Matteo Renzi esce dal Partito Democratico e si accinge a formare nuovi gruppi parlamentari, del tutto fedeli alla sua linea e ai suoi voleri. Anche un Machiavelli bambino (come ho scritto) avrebbe compreso questo gioco. Ora il Governo Conte 2 e il Movimento 5 Stelle saranno sotto costante ricatto, in mano ai parlamentari del nuovo partito renziano e ai suoi interessi nella magistratura e nelle banche.
Il Movimento 5 Stelle merita questa fine, vista l’insipienza politica che ha dimostrato. Per quanto riguarda gli uccellini di Twitter e della Rete, sono stati (e sono) tutti a starnazzare intorno allo spaventapasseri Salvini mentre il padrone del campo faceva e fa il suo lavoro.
L’ingenuità, non l’immaginazione, al potere.

Modernità

La natura reazionaria e socialmente criminale del Partito Democratico è ormai confermata da una miriade di parole e azioni. Tra queste spiccano per la loro intelligenza le affermazioni della ministra Boschi a proposito della sua riforma costituzionale -nelle quali ha preso per fascisti anche i partigiani– e quelle della ministra Giannini sulla bellezza e modernità insita nell’essere precari.
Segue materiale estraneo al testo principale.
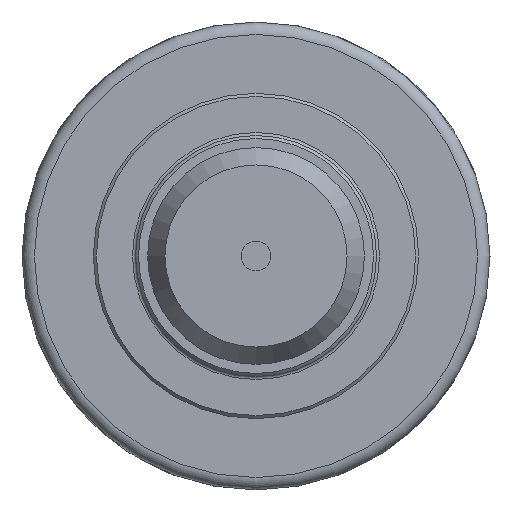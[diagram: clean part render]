
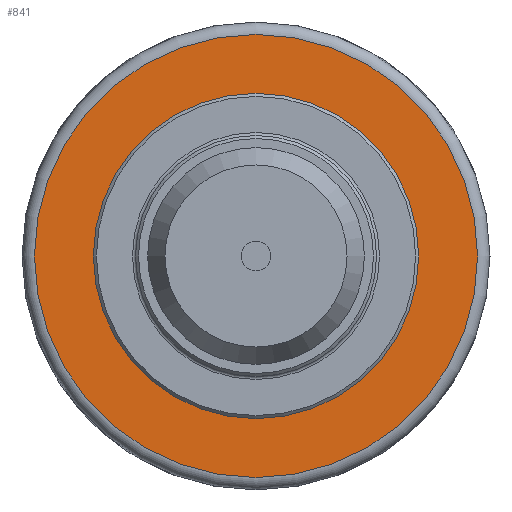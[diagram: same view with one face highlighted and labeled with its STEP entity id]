
A CAD part, left-side view. The second image highlights one B-rep face of the part: STEP entity #841.
In plain terms, the highlighted planar face has unit normal (-1, 0, 0).
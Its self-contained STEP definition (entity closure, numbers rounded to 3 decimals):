
#48=FACE_BOUND('',#191,.T.);
#61=CIRCLE('',#916,26.);
#67=CIRCLE('',#925,36.785);
#68=CIRCLE('',#926,36.785);
#136=FACE_OUTER_BOUND('',#190,.T.);
#190=EDGE_LOOP('',(#651,#652));
#191=EDGE_LOOP('',(#653));
#373=VERTEX_POINT('',#1418);
#383=VERTEX_POINT('',#1466);
#384=VERTEX_POINT('',#1467);
#474=EDGE_CURVE('',#373,#373,#61,.T.);
#486=EDGE_CURVE('',#383,#384,#67,.T.);
#487=EDGE_CURVE('',#384,#383,#68,.T.);
#651=ORIENTED_EDGE('',*,*,#486,.F.);
#652=ORIENTED_EDGE('',*,*,#487,.F.);
#653=ORIENTED_EDGE('',*,*,#474,.T.);
#808=PLANE('',#924);
#841=ADVANCED_FACE('',(#136,#48),#808,.T.);
#916=AXIS2_PLACEMENT_3D('',#1419,#1089,#1090);
#924=AXIS2_PLACEMENT_3D('',#1465,#1108,#1109);
#925=AXIS2_PLACEMENT_3D('',#1468,#1110,#1111);
#926=AXIS2_PLACEMENT_3D('',#1469,#1112,#1113);
#1089=DIRECTION('center_axis',(1.,0.,0.));
#1090=DIRECTION('ref_axis',(0.,0.,
1.));
#1108=DIRECTION('center_axis',(-1.,0.,0.));
#1109=DIRECTION('ref_axis',(0.,1.,0.));
#1110=DIRECTION('center_axis',(1.,0.,0.));
#1111=DIRECTION('ref_axis',(0.,0.,
1.));
#1112=DIRECTION('center_axis',(1.,0.,0.));
#1113=DIRECTION('ref_axis',(0.,0.,
1.));
#1418=CARTESIAN_POINT('',(22.,0.,-26.));
#1419=CARTESIAN_POINT('Origin',(22.,0.,0.));
#1465=CARTESIAN_POINT('Origin',(22.,0.,-34.078));
#1466=CARTESIAN_POINT('',(22.,0.,-36.785));
#1467=CARTESIAN_POINT('',(22.,36.785,0.));
#1468=CARTESIAN_POINT('Origin',(22.,0.,0.));
#1469=CARTESIAN_POINT('Origin',(22.,0.,0.));
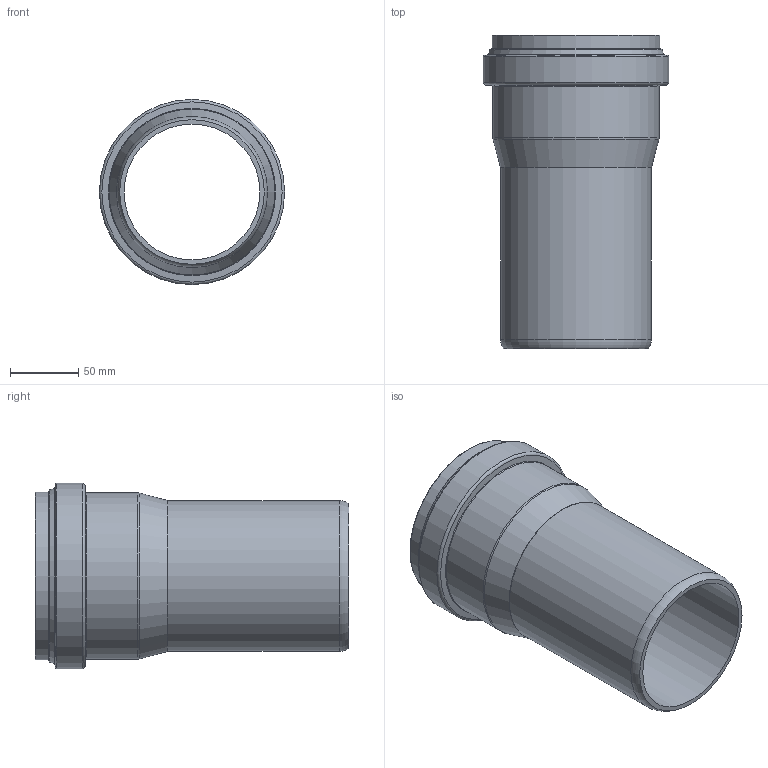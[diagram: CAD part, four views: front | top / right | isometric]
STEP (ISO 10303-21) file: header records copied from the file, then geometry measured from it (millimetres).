
FILE_DESCRIPTION(/* description */ (''),/* implementation_level */ '2;1');
FILE_NAME(/* name */ '335000 SKOLANsafeEM Passlängen DN_OD 110x150.stp',/* time_stamp */ '2018-02-22T09:15:50+01:00',/* author */ ('user1'),/* organization */ (''),/* preprocessor_version */ 'ST-DEVELOPER v16.1',/* originating_system */ 'Autodesk Inventor 2016',/* authorisation */ '');
FILE_SCHEMA (('AUTOMOTIVE_DESIGN { 1 0 10303 214 3 1 1 }'));
Length unit declared in the file: millimetre
Products named in the file (1): 335000 SKOLANsafeEM Passlängen DN_OD 110x150
Bounding box: 135.8 x 230 x 135.8 mm (x, y, z)
Volume: 458867.4 mm3; surface area: 169515.5 mm2
Topology: 1 solids, 1 shells, 35 faces, 68 edges, 35 vertices
Faces by surface type: torus 17, cylinder 8, cone 8, plane 2
Full cylindrical faces by diameter (mm): 99.6 x1, 110.6 x1, 111.054 x1, 112.2 x1, 121.854 x1, 123 x1, 125 x1, 135.8 x1
Entity records: 732 total; most frequent: DIRECTION 142, CARTESIAN_POINT 106, AXIS2_PLACEMENT_3D 71, EDGE_LOOP 70, ORIENTED_EDGE 70, FACE_BOUND 35, FACE_OUTER_BOUND 35, CIRCLE 35

«Dobbiamo abituarci all’idea di un mondo impostato su un modello economico di stampo americano, dove il precariato è la norma. Dobbiamo abituarci a vite con meno certezze immediate, fatte da persone che si spostano continuamente e dobbiamo incentivare i loro movimenti». Un concetto, questo, che la Ministra riprende da Filippo Taddei, responsabile economico del Pd, che intervistato dall’Espresso ha spiegato come il modello sociale a cui si debba tendere sia quello statunitense, nel quale «bisognerebbe tassare tutto ciò che è immobile e detassare tutto ciò che è dinamico». (Fonte: Huffington Post, 4.5.2016)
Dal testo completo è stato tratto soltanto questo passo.